Abstract

Doc number: 194

Abstract

Background: Exome sequencing using next-generation sequencing technologies is a cost efficient approach to selectively sequencing coding regions of human genome for detection of disease variants. A significant amount of DNA fragments from the capture process fall outside target regions, and sequence data for positions outside target regions have been mostly ignored after alignment.

Result: We performed whole exome sequencing on 22 subjects using Agilent SureSelect capture reagent and 6 subjects using Illumina TrueSeq capture reagent. We also downloaded sequencing data for 6 subjects from the 1000 Genomes Project Pilot 3 study. Using these data, we examined the quality of SNPs detected outside target regions by computing consistency rate with genotypes obtained from SNP chips or the Hapmap database, transition-transversion (Ti/Tv) ratio, and percentage of SNPs inside dbSNP. For all three platforms, we obtained high-quality SNPs outside target regions, and some far from target regions. In our Agilent SureSelect data, we obtained 84,049 high-quality SNPs outside target regions compared to 65,231 SNPs inside target regions (a 129% increase). For our Illumina TrueSeq data, we obtained 222,171 high-quality SNPs outside target regions compared to 95,818 SNPs inside target regions (a 232% increase). For the data from the 1000 Genomes Project, we obtained 7,139 high-quality SNPs outside target regions compared to 1,548 SNPs inside target regions (a 461% increase).

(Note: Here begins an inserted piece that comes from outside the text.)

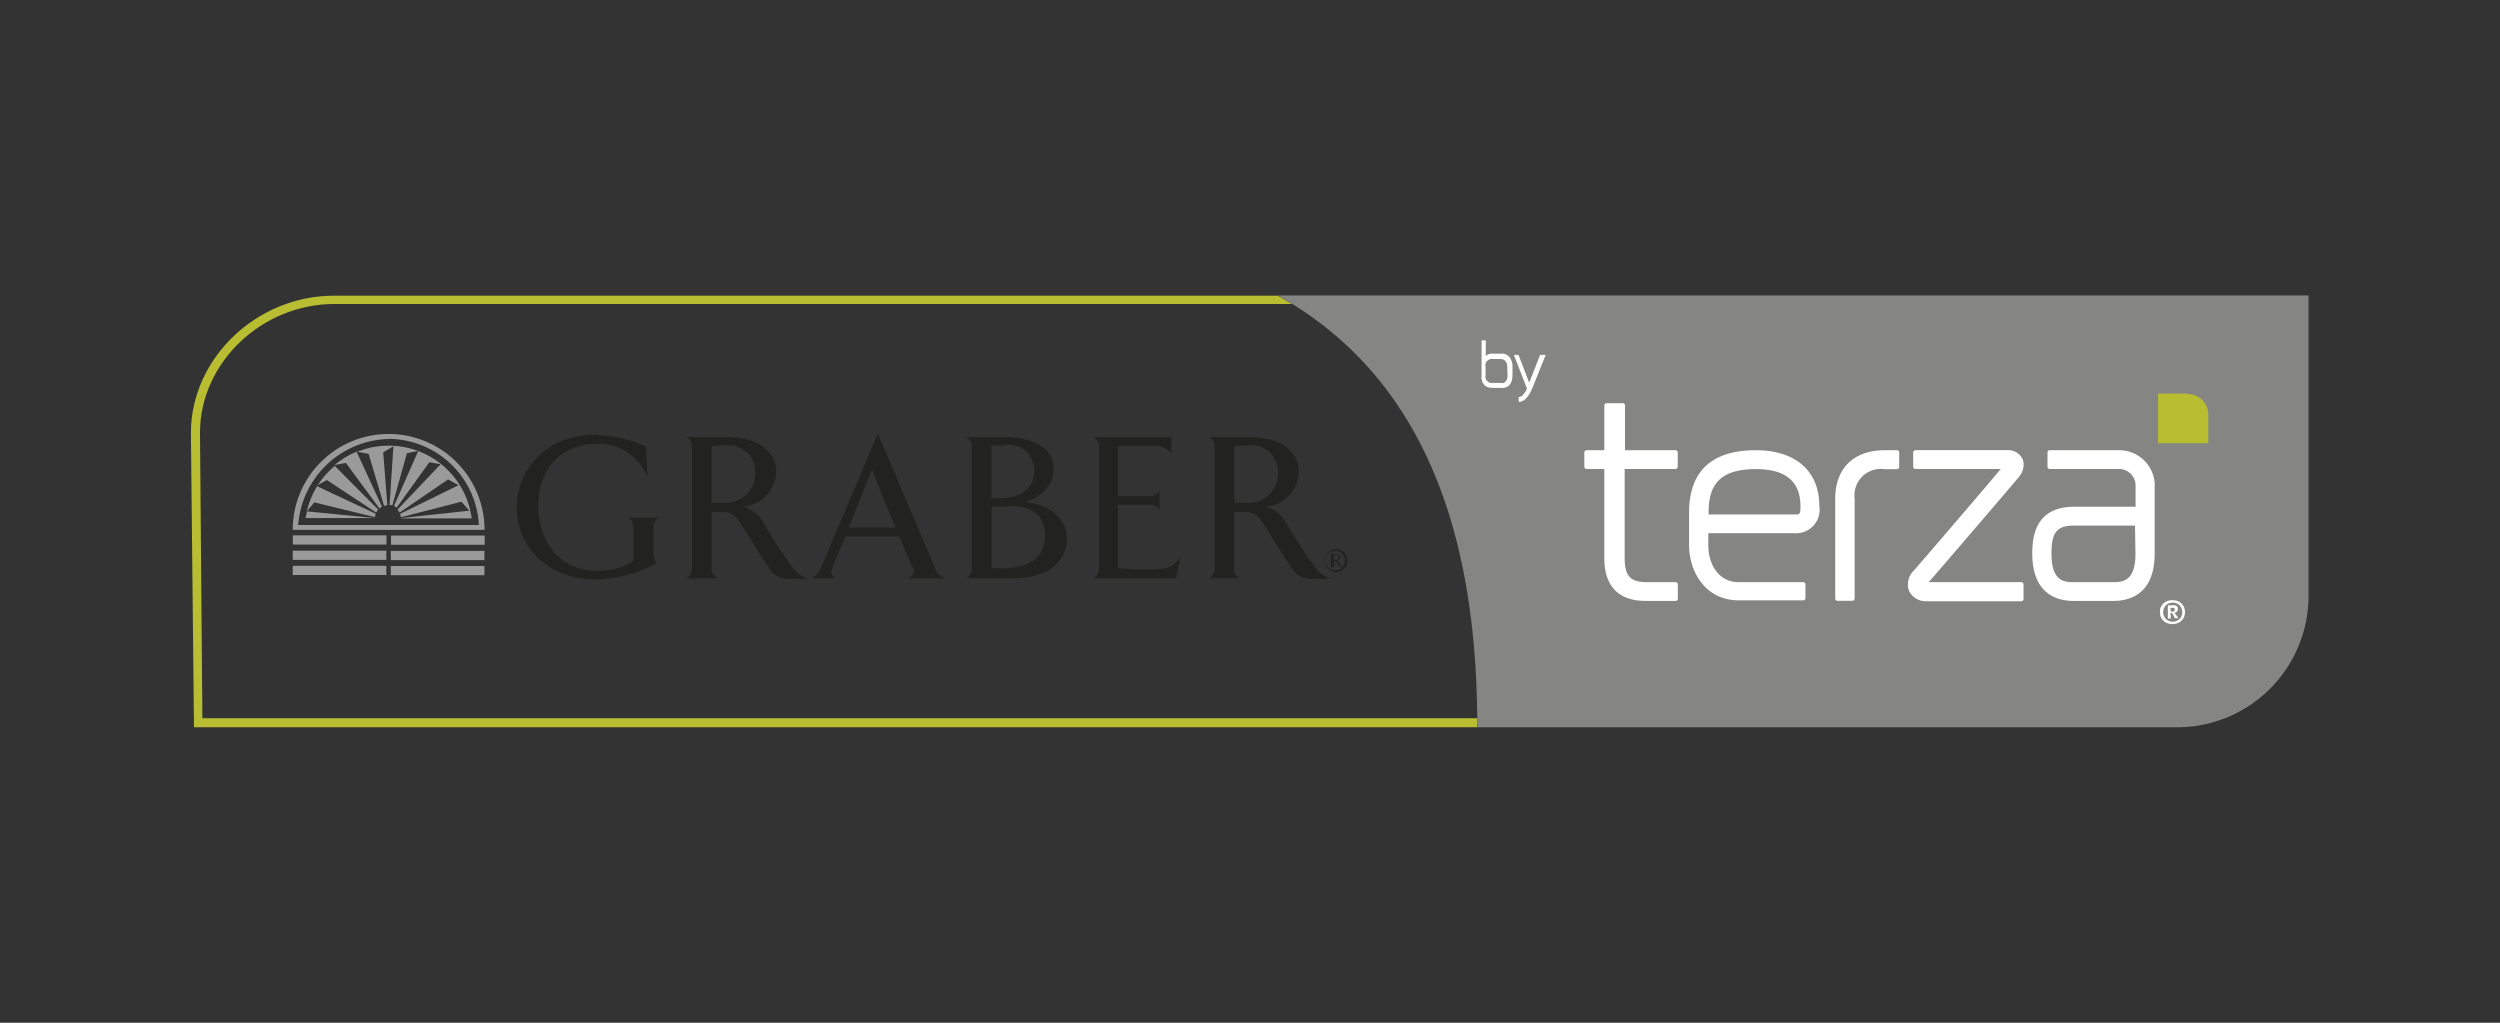 <svg id="Capa_1" data-name="Capa 1" xmlns="http://www.w3.org/2000/svg" viewBox="0 0 220 90"><rect x="0" y="0" width="220" height="90" fill="#333333" stroke="none"/><defs><style>.cls-1{fill:#b8bd32;}.cls-2{fill:#858584;}.cls-3{fill:#222220;}.cls-4{fill:#9a9a9a;}.cls-5{fill:#fff;}</style></defs><path class="cls-1" d="M130,63.2H17.81L17.6,38.07c0-6.13,5.42-11.32,11.83-11.32h84.26c-.4-.25-.82-.49-1.24-.73h18.94v0h-102c-6.82,0-12.59,5.53-12.59,12.08L17.07,64H130c0-.25,0-.5,0-.75"/><path class="cls-2" d="M112.45,26C126.76,34,130,49.64,130,64h61.85a11.58,11.58,0,0,0,11.3-11.8V26Z"/><path class="cls-3" d="M52.51,38.3a11,11,0,0,1,4.35,1s.12,2.71.12,2.74a4.64,4.64,0,0,0-4.31-3c-3.52,0-5.3,2.45-5.3,5.41,0,2.63,1.39,5.78,5.23,5.78a5.79,5.79,0,0,0,3.14-.86v-3a.93.93,0,0,0-.48-.82H58a.9.9,0,0,0-.49.82v2.44a1.77,1.77,0,0,0,.25.78,12.2,12.2,0,0,1-5.44,1.41c-3.62,0-6.85-2.52-6.85-6.34,0-3.11,2.37-6.42,7.07-6.42"/><path class="cls-3" d="M68.31,41.52a3.19,3.19,0,0,1-2.9,3.07A2.9,2.9,0,0,1,67.19,46a38.48,38.48,0,0,0,2.75,4.2,3.48,3.48,0,0,0,1.17.74l-1.87,0a1.88,1.88,0,0,1-1.5-.86c-.94-1.37-1.6-2.48-2.24-3.51-.48-.73-.86-1.51-1.82-1.51H62.62v5a1,1,0,0,0,.51.83H60.4a.94.94,0,0,0,.49-.83V39.29a.9.9,0,0,0-.49-.83h3.45c3.67,0,4.46,1.91,4.46,3.06M64,39.19c-.82,0-1.37.06-1.37.06v5s.59,0,1.06,0a2.59,2.59,0,0,0,2.77-2.74A2.31,2.31,0,0,0,64,39.19"/><path class="cls-3" d="M77.26,38.17S82,49.31,82.29,50c.14.38.27.6.91.9H79.88c.48-.22.61-.48.46-.9-.11-.22-.62-1.39-1.19-2.8H74.4c-.61,1.37-1.09,2.58-1.16,2.8a.6.6,0,0,0,.39.9H71.39a2,2,0,0,0,.84-.9c.31-.69,5-11.83,5-11.83m-2.55,8.25h4.13c-1-2.31-2.08-5.12-2.08-5.12s-1.24,3.14-2.05,5.12"/><path class="cls-3" d="M92.72,41.3c0,2.15-2.47,2.89-2.47,2.89s3.63.25,3.63,3.27c0,1.42-1,3.44-4.92,3.44H85a.85.85,0,0,0,.51-.83V39.29a.83.83,0,0,0-.51-.83h3.49c1.24,0,4.23.39,4.23,2.84m-4.27-2.09c-.79,0-1.21,0-1.21,0v4.61s.33,0,.77,0c.9,0,3-.18,3-2.48a2.25,2.25,0,0,0-2.53-2.2m.26,5.45c-.57,0-1.47,0-1.47,0v5.41a6.34,6.34,0,0,0,.86,0c1.16,0,3.83-.16,3.83-2.88,0-2.14-1.68-2.62-3.22-2.62"/><path class="cls-3" d="M103.09,38.46l0,1.43a1.78,1.78,0,0,0-1.54-.64l-3.16,0v4.41h3a.86.86,0,0,0,.64-.51v1.77a.86.86,0,0,0-.64-.51h-3V50a17.81,17.81,0,0,0,2.13.11c2,0,2.68,0,3.36-1.15l-.39,1.94H96.16a.86.86,0,0,0,.55-.83V39.29a.88.88,0,0,0-.52-.83Z"/><path class="cls-3" d="M114.3,41.52a3.18,3.18,0,0,1-2.9,3.07A2.87,2.87,0,0,1,113.18,46a40.07,40.07,0,0,0,2.75,4.2,3.58,3.58,0,0,0,1.18.74l-1.87,0a1.9,1.9,0,0,1-1.51-.86c-.93-1.37-1.6-2.48-2.24-3.51-.47-.73-.86-1.51-1.81-1.51h-1.07v5a.94.94,0,0,0,.52.83h-2.74a.93.93,0,0,0,.5-.83V39.29a.89.89,0,0,0-.5-.83h3.45c3.67,0,4.46,1.91,4.46,3.06M110,39.19c-.83,0-1.38.06-1.38.06v5s.59,0,1.07,0a2.59,2.59,0,0,0,2.77-2.74A2.31,2.31,0,0,0,110,39.19"/><rect class="cls-4" x="25.76" y="48.46" width="8.24" height="0.81"/><rect class="cls-4" x="25.77" y="47.11" width="8.24" height="0.81"/><rect class="cls-4" x="25.76" y="49.79" width="8.24" height="0.81"/><path class="cls-4" d="M34.2,38.19a8.44,8.44,0,0,0-8.44,8.44H42.64a8.44,8.44,0,0,0-8.44-8.44m0,.43a8,8,0,0,1,7.94,7.58H26.24a8.19,8.19,0,0,1,7.94-7.57"/><path class="cls-4" d="M35.36,45.62h6.15a7.36,7.36,0,0,0-7.3-6.4,7.27,7.27,0,0,0-2.77.54l1,.18,1.36,4.58a1.36,1.36,0,0,1,.29-.06l-.37-4.65.9-.54-.34,5.19a.74.74,0,0,1,.25,0l1.28-4.58,1-.2-2.14,4.84a1.88,1.88,0,0,1,.23.16l2.88-4,1,.17-3.8,4a1.51,1.51,0,0,1,.18.26l4.27-2.92.92.51-5.14,2.52a1.59,1.59,0,0,1,.06.3l5.34-1.37.69.79-6,.65v0m-1.91-.85.22-.16-2.23-4.83a7.49,7.49,0,0,0-1.94,1.17l1-.18Zm-.38.85v0L27,45c0,.2-.08.39-.1.59h6.15Zm0-.08a.73.73,0,0,1,.06-.3l-5.22-2.45.91-.52,4.35,2.87a1,1,0,0,1,.17-.27L29.46,41A7.36,7.36,0,0,0,27,45l.66-.79Z"/><rect class="cls-4" x="34.39" y="48.48" width="8.24" height="0.81"/><rect class="cls-4" x="34.41" y="47.13" width="8.24" height="0.81"/><rect class="cls-4" x="34.39" y="49.81" width="8.24" height="0.81"/><path class="cls-3" d="M116.58,49.34a1,1,0,1,1,1,1,1,1,0,0,1-1-1m1,.86a.87.87,0,0,0,0-1.73.87.87,0,1,0,0,1.73m-.07-1.43c.39,0,.45.16.45.28s-.21.27-.33.29c.07,0,.09,0,.14.11l.2.29a.45.45,0,0,0,.2.17H118c-.08,0-.14-.1-.14-.1l-.22-.32a.23.23,0,0,0-.18-.12h-.07v.44a.11.11,0,0,0,0,.1h-.27a.11.11,0,0,0,0-.1v-1a.08.08,0,0,0,0-.08Zm0,.08h-.16v.43h.11c.16,0,.32,0,.32-.24s0-.2-.27-.2"/><path class="cls-5" d="M189.62,42.69a3.13,3.13,0,0,0-3.18-3.07h-6.06a.19.19,0,0,0-.2.19v1.27a.2.2,0,0,0,.2.19h6.06a1.46,1.46,0,0,1,1.49,1.42v1.9h-5.35c-3.35,0-3.74,2.41-3.74,4.12,0,3.63,2.27,4.17,3.61,4.17H186c1.35,0,3.61-.54,3.61-4.17v-6m-1.69,6c0,2.32-1,2.52-1.92,2.52h-3.56c-.93,0-1.91-.2-1.91-2.52,0-1.83.44-2.46,2-2.46h5.35Z"/><path class="cls-5" d="M165.86,39.62c-2.73,0-4.36,1.59-4.36,4.26v8.79a.2.2,0,0,0,.2.2H163a.21.21,0,0,0,.21-.2V43.88a2.32,2.32,0,0,1,2.65-2.59h1.07a.21.21,0,0,0,.2-.2V39.81a.19.19,0,0,0-.2-.19h-1.07"/><path class="cls-5" d="M168.56,39.62a.19.19,0,0,0-.2.19v1.27a.2.2,0,0,0,.2.19h7.51c-1.41,1.69-7.39,8.66-7.71,9a1.62,1.62,0,0,0-.46,1.1A1.37,1.37,0,0,0,168,52a1.63,1.63,0,0,0,1.51.91h8.36a.19.19,0,0,0,.2-.19V51.43a.2.2,0,0,0-.2-.2h-8.14c1.09-1.25,7.63-8.87,8-9.34a1.71,1.71,0,0,0,.35-1,1.25,1.25,0,0,0-.13-.57,1.45,1.45,0,0,0-1.37-.71h-8"/><path class="cls-1" d="M192.54,34.63h-2.63V39h4.42v-2.5a1.81,1.81,0,0,0-1.79-1.83"/><path class="cls-5" d="M141.38,35.48a.2.2,0,0,0-.2.19v3.95h-1.55a.2.2,0,0,0-.21.19v1.27a.21.21,0,0,0,.21.19h1.55v7.84c0,2.47,1.25,3.77,3.62,3.77h2.65a.19.19,0,0,0,.2-.19V51.43a.2.2,0,0,0-.2-.2H144.9c-1.43,0-1.93-.56-1.93-2.12V41.27h4.46a.2.2,0,0,0,.21-.19V39.81a.2.2,0,0,0-.21-.19H143V35.67a.2.2,0,0,0-.2-.19h-1.39"/><path class="cls-5" d="M158.71,51.23H153c-1.83,0-2.67-1.67-2.67-3.22V46.92h7.55a2.07,2.07,0,0,0,2.22-2.4c0-3.07-2.09-4.9-5.59-4.9-3.83,0-5.81,1.79-5.87,5.34v3c0,2.42,1.49,4.87,4.36,4.87h5.68a.19.19,0,0,0,.2-.19V51.43a.2.2,0,0,0-.2-.2M150.36,45c0-2.61,1.3-3.72,4.18-3.72,2.59,0,3.9,1.1,3.9,3.25,0,.74-.06.74-.53.74h-7.55Z"/><path class="cls-5" d="M190.07,53.87a1.16,1.16,0,0,1,.07-.42,1,1,0,0,1,.22-.33,1,1,0,0,1,.35-.22,1.14,1.14,0,0,1,.46-.08,1.29,1.29,0,0,1,.45.07,1.1,1.1,0,0,1,.35.22,1,1,0,0,1,.23.34,1.14,1.14,0,0,1,0,.84.86.86,0,0,1-.23.33.84.84,0,0,1-.35.22,1.29,1.29,0,0,1-.45.08,1.33,1.33,0,0,1-.59-.14,1.18,1.18,0,0,1-.22-.17.83.83,0,0,1-.16-.21,1.09,1.09,0,0,1-.1-.25,1.27,1.27,0,0,1,0-.28m.26,0a.8.8,0,0,0,.07.34.78.78,0,0,0,.17.26.69.69,0,0,0,.27.17.81.81,0,0,0,.66,0,.77.77,0,0,0,.27-.17.78.78,0,0,0,.17-.26,1,1,0,0,0,.07-.34.94.94,0,0,0-.07-.34.78.78,0,0,0-.17-.26.8.8,0,0,0-.27-.18.94.94,0,0,0-.66,0,.83.83,0,0,0-.27.17,1,1,0,0,0-.17.27.77.77,0,0,0-.07.34m.67.56h-.26V53.27h.4a.73.73,0,0,1,.22,0,.39.39,0,0,1,.16.07.31.31,0,0,1,.09.11.4.4,0,0,1,0,.15.31.31,0,0,1,0,.09s0,.06-.06.1a.24.24,0,0,1-.09.08.26.26,0,0,1-.13.06l.34.47h-.3l-.25-.45H191Zm0-.61h.25l.08-.05a.15.15,0,0,0,0-.06.19.19,0,0,0,0-.08s0-.07,0-.09a.1.1,0,0,0-.06-.05l-.09,0H191Z"/><path class="cls-5" d="M132.16,34.13h-.83a1.35,1.35,0,0,1-.41-.06.71.71,0,0,1-.34-.25l-.08-.12a.46.46,0,0,1-.07-.14c0-.05,0-.11-.05-.18s0-.15,0-.25V30s0-.05,0-.05h.31s.06,0,.06.05v1.34a.5.5,0,0,1,.23-.16.86.86,0,0,1,.34-.06h.83a.84.84,0,0,1,.69.31,1.35,1.35,0,0,1,.26.89v.64c0,.8-.32,1.19-1,1.19m.54-1.83c0-.49-.22-.73-.66-.73h-.69a.52.52,0,0,0-.24.05.59.59,0,0,0-.18.13.49.49,0,0,0-.14.23,1,1,0,0,0,0,.32v.64a1.06,1.06,0,0,0,0,.33.45.45,0,0,0,.14.23.52.52,0,0,0,.42.18H132a.79.79,0,0,0,.28,0,.43.43,0,0,0,.2-.11.79.79,0,0,0,.18-.59Z"/><path class="cls-5" d="M134.87,34.1c-.35.85-.76,1.27-1.23,1.27,0,0,0,0,0,0v-.43a0,0,0,0,1,0,0,.55.55,0,0,0,.42-.24,2,2,0,0,0,.17-.23,1.12,1.12,0,0,0,.14-.29l-1.13-2.9v0a0,0,0,0,1,0-.05h.35s.05,0,.07.08l.91,2.37.93-2.37c0-.05.05-.08.07-.08H136s0,0,0,.05v0Z"/></svg>

Conclusions: These results demonstrate that a significant amount of high quality genotypes outside target regions can be obtained from exome sequencing data. These data should not be ignored in genetic epidemiology studies.

Details

Title
Exome sequencing generates high quality data in non-target regions
Author
Guo, Yan; Long, Jirong; He, Jing; Li, Chung-I; Cai, Qiuyin; Shu, Xiao-Ou; Zheng, Wei; Li, Chun
Pages
n/a
Publication year
2012
Publication date
2012
Publisher
BioMed Central
e-ISSN
14712164
Source type
Scholarly Journal
Language of publication
English
ProQuest document ID
1032868749
Copyright
© 2012 Guo et al.; licensee BioMed Central Ltd. This is an Open Access article distributed under the terms of the Creative Commons Attribution License (http://creativecommons.org/licenses/by/2.0), which permits unrestricted use, distribution, and reproduction in any medium, provided the original work is properly cited.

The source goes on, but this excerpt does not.